05 - The Emergence of Dark Secret (1)

Sejak berita online yang diterbitkan Jejak mengenai kasus pelecehan seksual mahasiswi oleh dosen, topik tersebut menjadi obrolan hangat di kalangan para mahasiswa. Lia sangat puas karena kasus ini tidak tertutup-tutupi lagi. Selain itu, banyak juga korban-korban lain yang menghubunginya untuk melaporkan kelakuan bejat Pak Lukman. Hal ini terjadi, karena di akhir artikel ia meminta kepada para mahasiswa yang pernah jadi korban untuk menghubunginya secara langsung, agar oknum pelecehan seksual ini dapat segera ditumpas.

Sampai saat ini ia sudah mengantongi enam nama, termasuk Maurin. Dua di antaranya sudah menyandang gelar sarjana, satu mahasiswi lain memilih untuk pindah kampus, dan dua orang mahasiswi masih aktif kuliah hingga sekarang.

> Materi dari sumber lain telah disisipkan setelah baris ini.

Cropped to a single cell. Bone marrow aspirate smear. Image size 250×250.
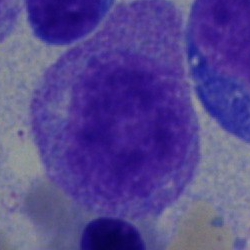Cell type — myelocyte.
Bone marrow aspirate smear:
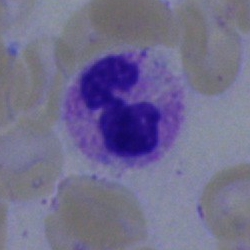Specimen: bone marrow smear.
Morphological class: neutrophil (segmented).
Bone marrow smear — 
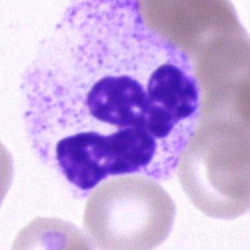 Q: What is shown here?
A: A segmented neutrophil.
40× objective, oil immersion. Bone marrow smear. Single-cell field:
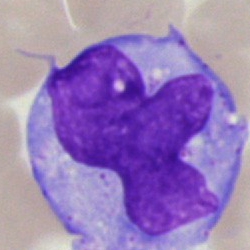

Specimen: bone marrow smear.
Classification: monocyte.
Lineage: myeloid.
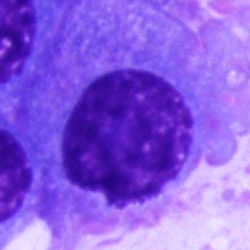 Q: Identify the cell.
A: This is a plasmacyte.
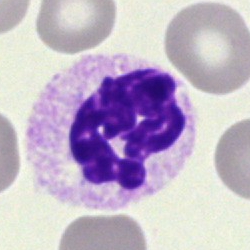 Morphology consistent with a neutrophil (segmented).
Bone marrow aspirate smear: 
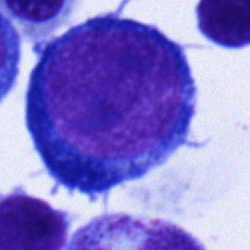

Siang ini, ia akan menemui Bu Sari, untuk menanyakan kenapa permintaan Mbak Ririn mengganti dosbing belum diterima. Gadis itu juga ingin mendengar kasus ini dari sisi Bu Sari. Apa malah benar seperti yang dikatakan para mahasiswa semester atas, kalau dosen-dosen kompak bungkam. Jika hal ini benar terjadi, ia sangat kecewa. Harusnya, para mahasiswa bisa mencari ilmu dengan perasaan aman.

Mata Lia menyipit saat tatapannya menangkap sosok yang akhir-akhir ini membuatnya jengkel. Siapa lagi kalau bukan Brian? Kenapa lelaki itu ada di depan ruangan Bu Sari? Jangan-jangan doi ada perlu lagi? Kalau dia lama, bahaya. Gue bisa telat kelas, jam setengah dua nanti.

Di sisi lain, Brian juga terkejut saat melihat kedatangan Lia. Dia tak menyangka akan bertemu gadis itu di sini. Ia jadi teringat perkataan Rissa kemarin. Gue tanyain apa, ya? Si Juleha ketemu Bu Sari mau ngapain? Kalau mau ngobrolin soal dosen cabul, kan sekalian. Akan tetapi, kalau teringat bagaimana ketusnya nada bicara Lia dan wajah judesnya, ia jadi malas sendiri.

"Ketemu Bu Sari mau apa?" tanyanya, membuang perasaan malas dan gengsi dari dalam dirinya.

Lia menoleh, memberikan tatapan culas. "Kepo."

Sialan, judesnya nggak luntur-luntur nih, si Juleha. "Kalau urusan kita sama, kita bisa masuk bareng. Gue mau nanyain soal kasus pelecehan seksual yang lo rilis."

"BEM juga lagi nyelidiki ini?"

"Lo kira kita diem-diem aja apa? Lo boleh nggak suka gue, tapi lo jangan remehin kinerja BEM fakultas," tukas Brian kesal.

"Idih! Gue kan cuma nanya!" semprot Lia tak kalah sewot.

Lalu keduanya sama-sama memilih diam. Brian menarik napas panjang, dia lelah kalau harus tarik urat dulu setiap ngobrol dengan gadis antik di sebelahnya. Akan tetapi, menyelesaikan masalah ini lebih penting daripada menyelamatkan diri dari semburan kata-kata pedas dan nada ketus Lia.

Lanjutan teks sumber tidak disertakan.